Containers of 180 to 200 pineapple, cassava and soybeans from Costa Rica and Colombia have been blocked in the southern Spanish port of Algiers due to adjustments in the use of EU rules on health and phytosanitary regulations. One of those rules is the European Parliament Regulation 1333/2008 on food additives.
Above all, the European Commission demanded that restrictions on these products be strengthened to see if they comply effectively with EU regulations. New procedures were developed for this purpose, but the strict interpretation of EU regulations on coatings by the Food Safety Service for imported goods from the port of Algiers led to the rejection of many containers. Currently the situation in the southern Spanish port is chaotic and there is difficulty in enforcing the cold chain.
“Overnight, we had to announce whether there was an inclusion in the product or not, and if so, whether the new product modules contained the associated technical sheets,” said Luis Ramos of Partida Logistics, a customs broker and logistics operator. “The first thing we did was to inform our export and import customers about the situation, but we were not instructed by the Department of Food Safety on what documents to submit or how to resolve the situation,” he adds.

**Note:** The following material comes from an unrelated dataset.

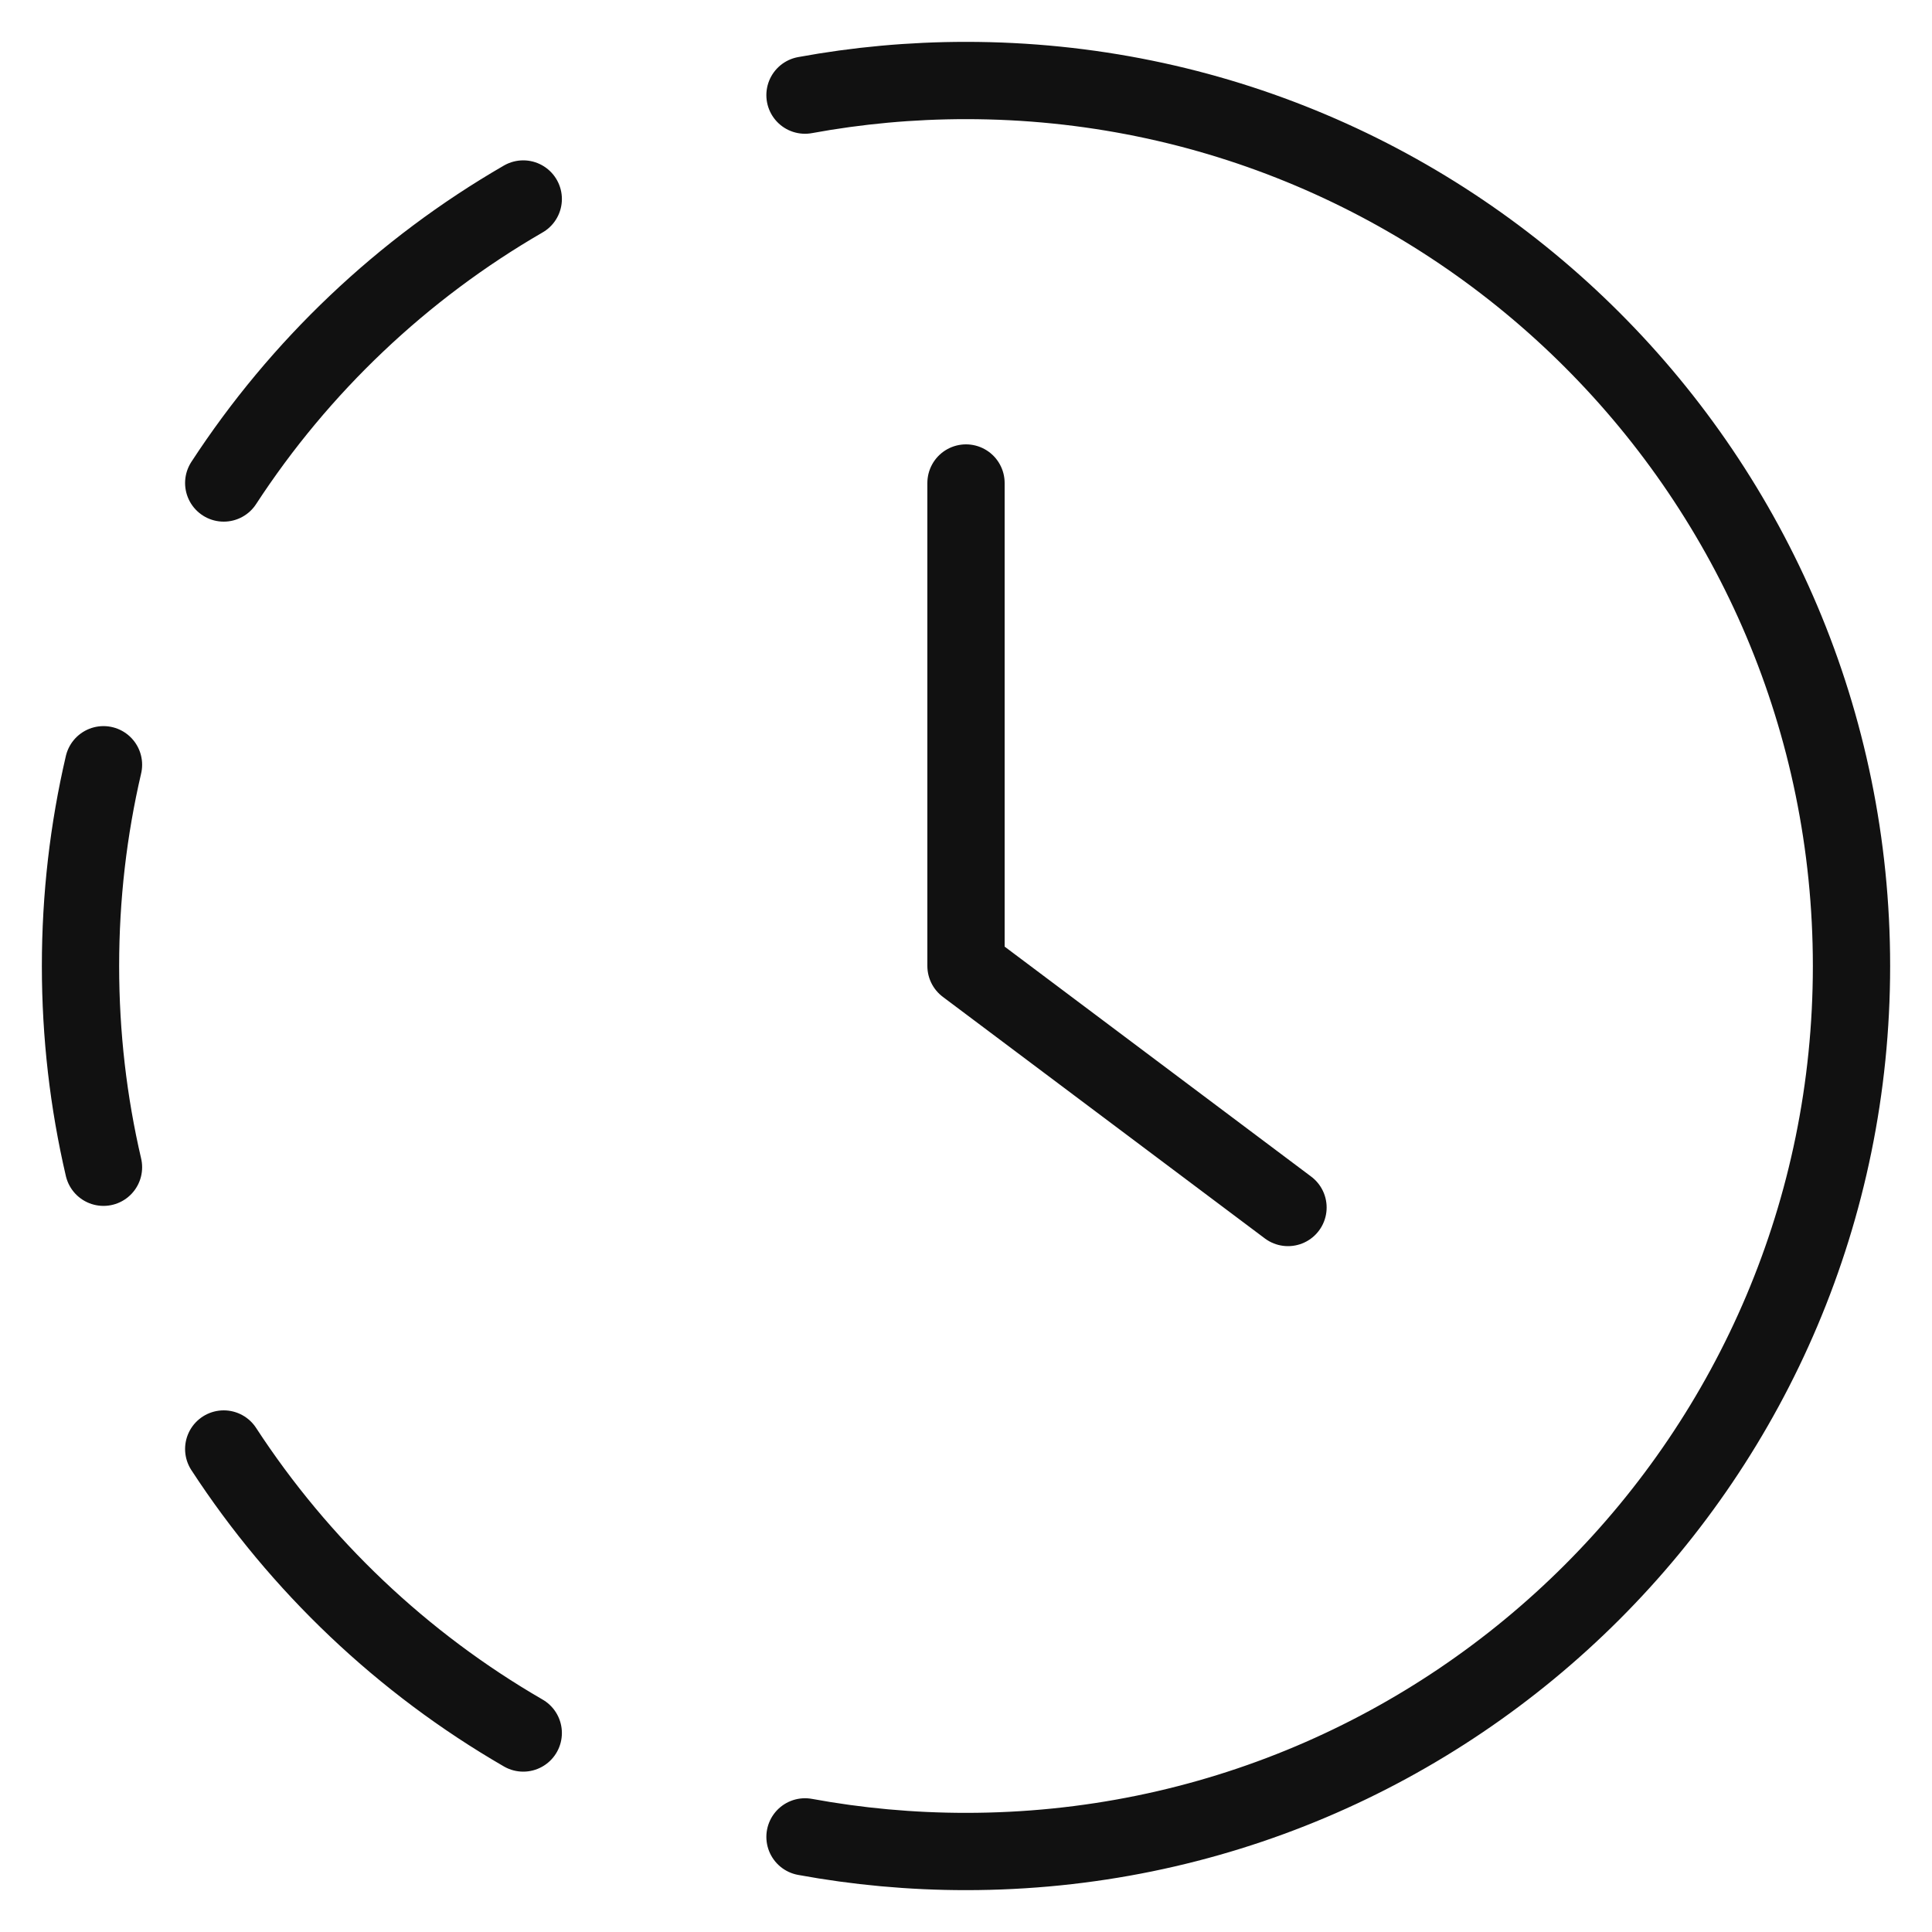 <svg width="30" height="30" viewBox="0 0 30 30" fill="none" xmlns="http://www.w3.org/2000/svg">
<path d="M15 7.5V14.999M15 14.999L20 18.75M15 14.999C15 15 15 14.999 15 14.999ZM1.607 18.125C1.373 17.121 1.25 16.075 1.25 15C1.25 13.925 1.373 12.879 1.607 11.875M12.5 1.477C13.311 1.328 14.146 1.25 15 1.25C22.594 1.25 28.75 7.406 28.75 15C28.75 22.594 22.594 28.75 15 28.75C14.146 28.75 13.311 28.672 12.5 28.523M8.125 3.09C6.25 4.174 4.654 5.69 3.474 7.5M3.474 22.5C4.654 24.31 6.25 25.826 8.125 26.91" stroke="#111111" stroke-width="1.2" stroke-linecap="round"/>
</svg>

It refers primarily to a type of paraffin used to protect cassava and a wax to protect pineapples, but they are not approved by the European Union. “We are confused because we have been talking about Central and South American companies exporting these products to the EU for many years.”
In order not to violate Regulation 1333/2008, a ban was imposed on notifying customers and figuring out what documents should be included first or what needs to be done to resolve the issue. “A few days later, the Deputy Director General of the Food Safety Service presented us with a two-month deadline, but the European Commission did not appear to approve it. It appears that the products are not registered in the EU, but that they have no explanation for products that are harmful to public health or any other reference. Not available. “
This uncertainty leads to the diversion of some of the affected containers to other European ports, especially the port of Rotterdam, while the goods from other containers are destroyed.
“The Food Safety Service’s letter clarifies which documents we should submit subject to the inspector’s requirements. But how can we apply a regulation if we do not know the inspector’s requirements? It is nothing more than a synchronization. Ramos continues.
“These will have an unprecedented impact on exporters and importers at the port of Algiers.